We started with one of the simplest supervised learning approaches, binary classification by a dense neural network with an idea to train 3 NNs to distinguish invariants for one of the algebras from other algebras and ‘fake’ invariants. Overall, we have 6 datasets of geometric invariant components for $A_8$, $D_8$, and $E_8$ algebras, as well as ‘fake’ datasets for each. From these, three final training/test datasets were constructed, one for each algebra, where we labelled ‘real’ $A_8$ or $D_8$ or $E_8$ algebra invariant components with 1, two remaining ‘real’ algebras invariant components with 0, and 3 ‘fake’ datasets labelled as 0 as well. This is what we will imply when we say that we create training/test datasets to distinguish one of the $A_8$, $D_8$, and $E_8$ invariants from other ‘real’ invariants and the ‘fake’ ones.

One should notice however that training NNs to distinguish one of the $A_8/D_8/E_8$ invariants from others and fake invariants using all datasets is invalid.
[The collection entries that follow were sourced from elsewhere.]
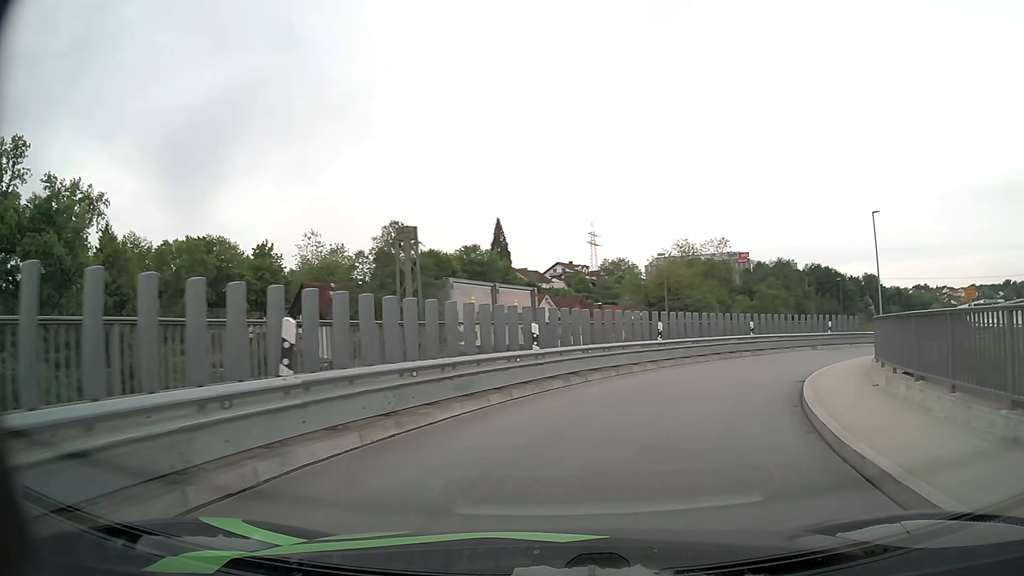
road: primary_link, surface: asphalt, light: Day
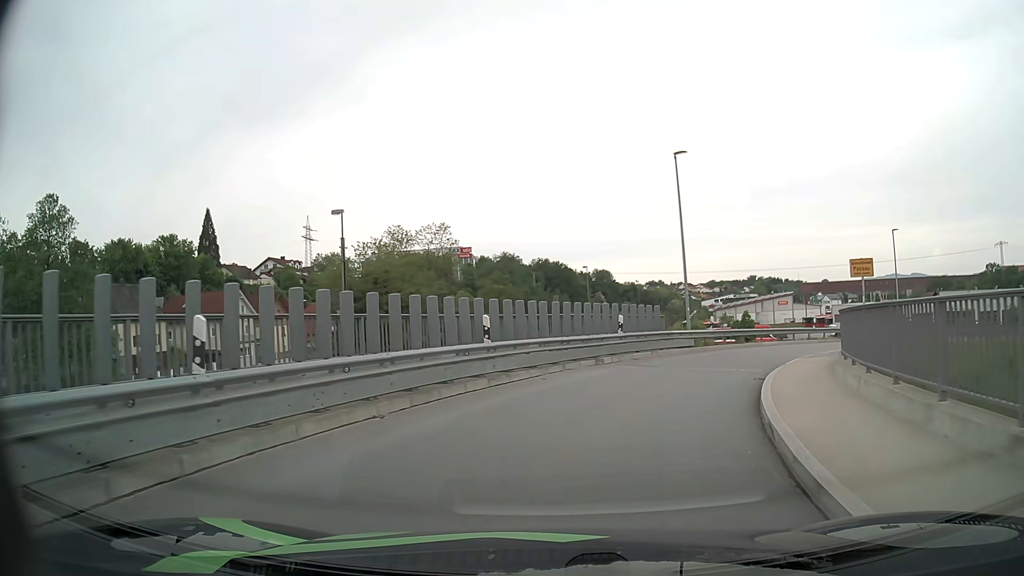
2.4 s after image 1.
(+3.5, +14.5) m; +24°
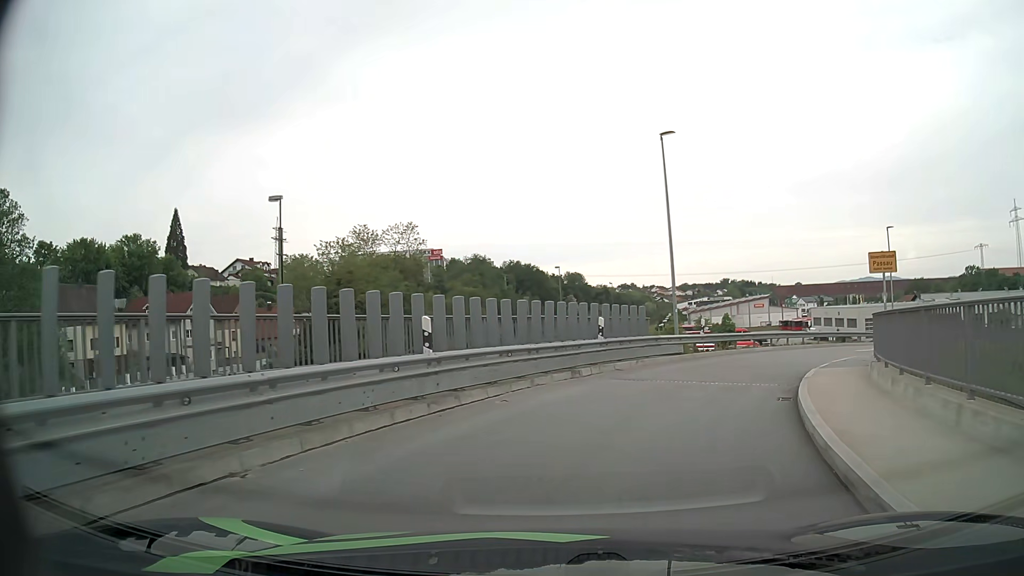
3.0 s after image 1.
(+0.1, +3.5) m; +2°
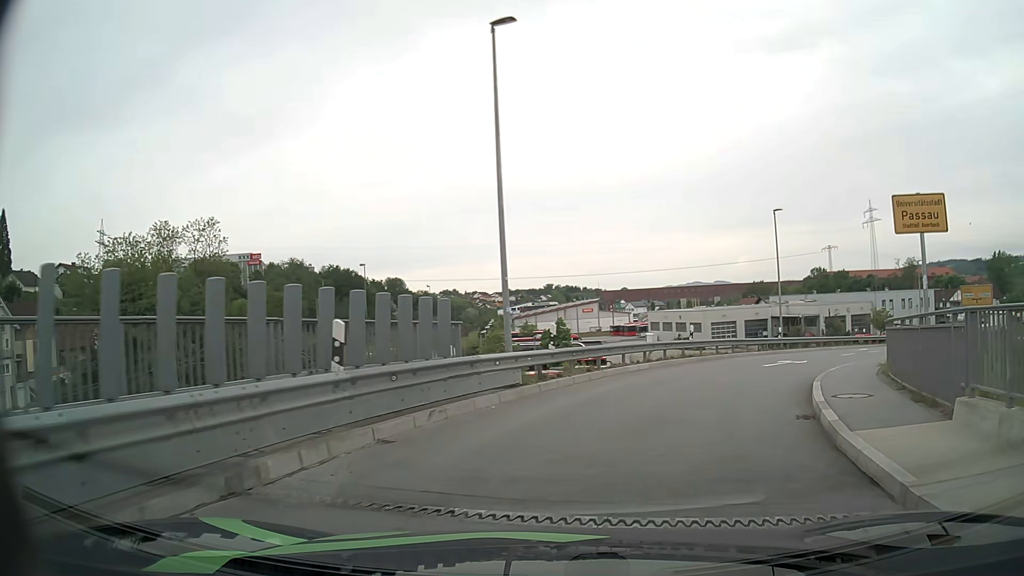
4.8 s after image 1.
(+1.2, +10.1) m; +15°
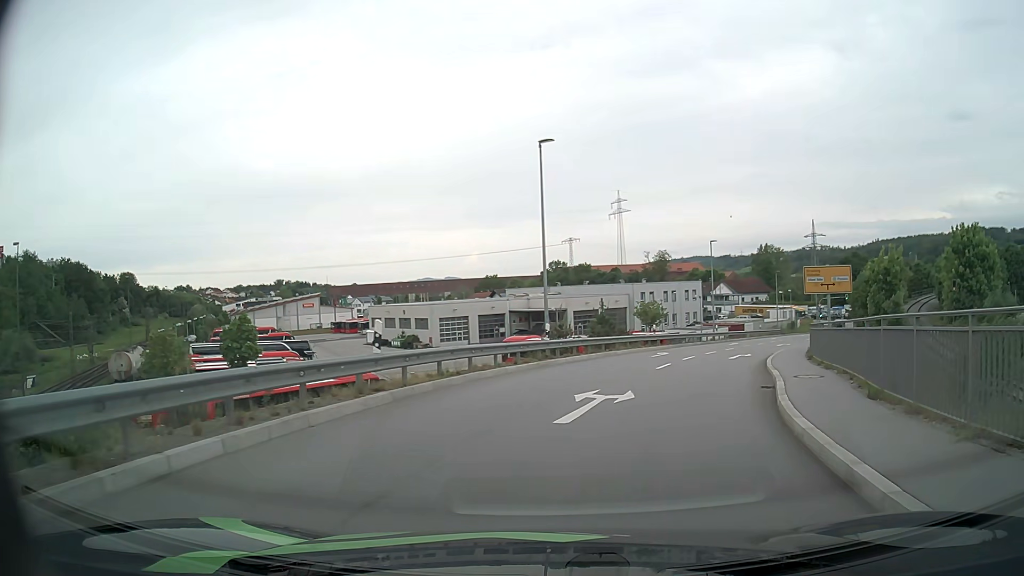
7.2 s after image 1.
(+3.0, +14.4) m; +23°
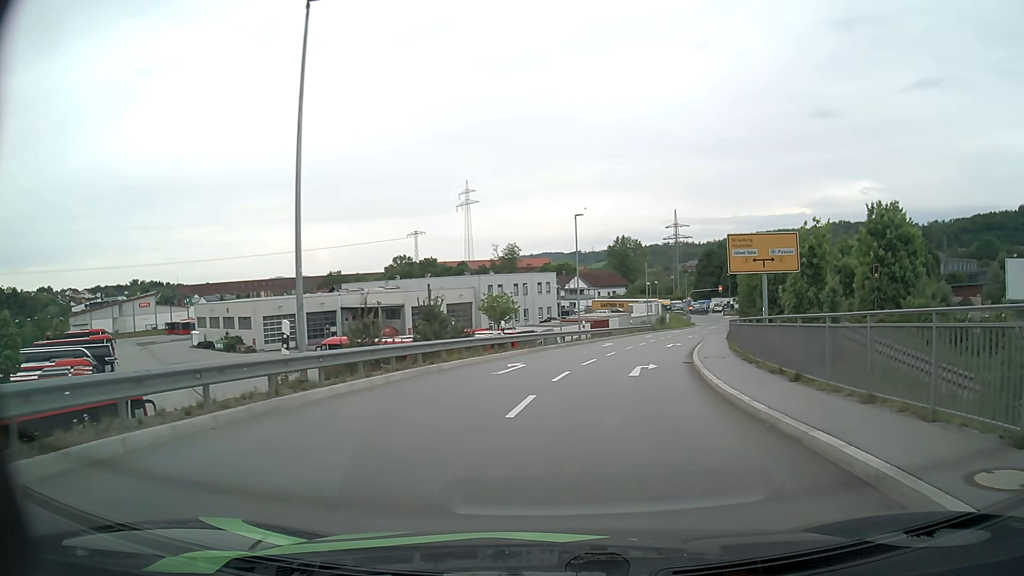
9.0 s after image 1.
(+1.4, +11.7) m; +13°
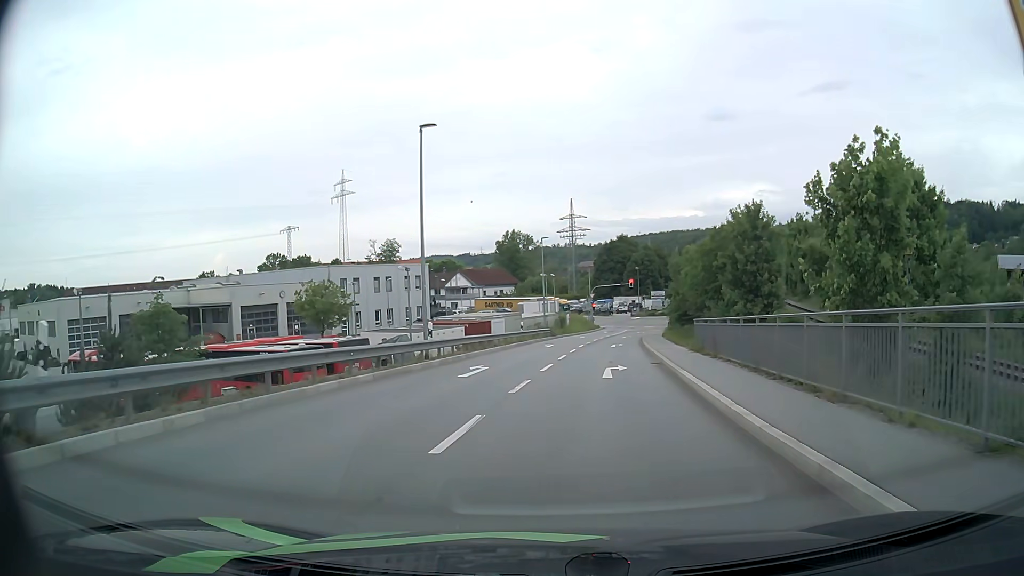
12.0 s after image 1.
(+2.1, +20.5) m; +9°
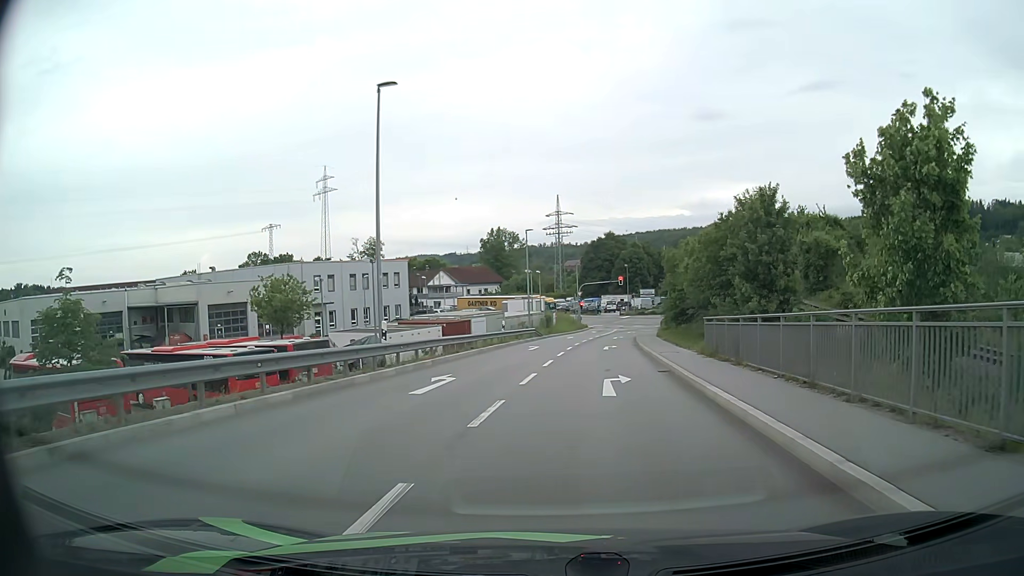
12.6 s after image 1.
(+0.1, +4.3) m; +2°

For all three of them, the prediction on test datasets would be 100% accurate because, as described in Sect. 3.2, there are only 128 unique invariants for each of the ADE datasets, leading to a large repetition of them (although with unequal frequencies). Hence, there is a high chance that in a randomly chosen training subset, we would find all 128 unique invariants. This would make the test stage biased, as it likely contains repetitions of the training data. Effectively, these NNs are learning to reproduce this dataset of invariants perfectly, but would not be able to generalise beyond it.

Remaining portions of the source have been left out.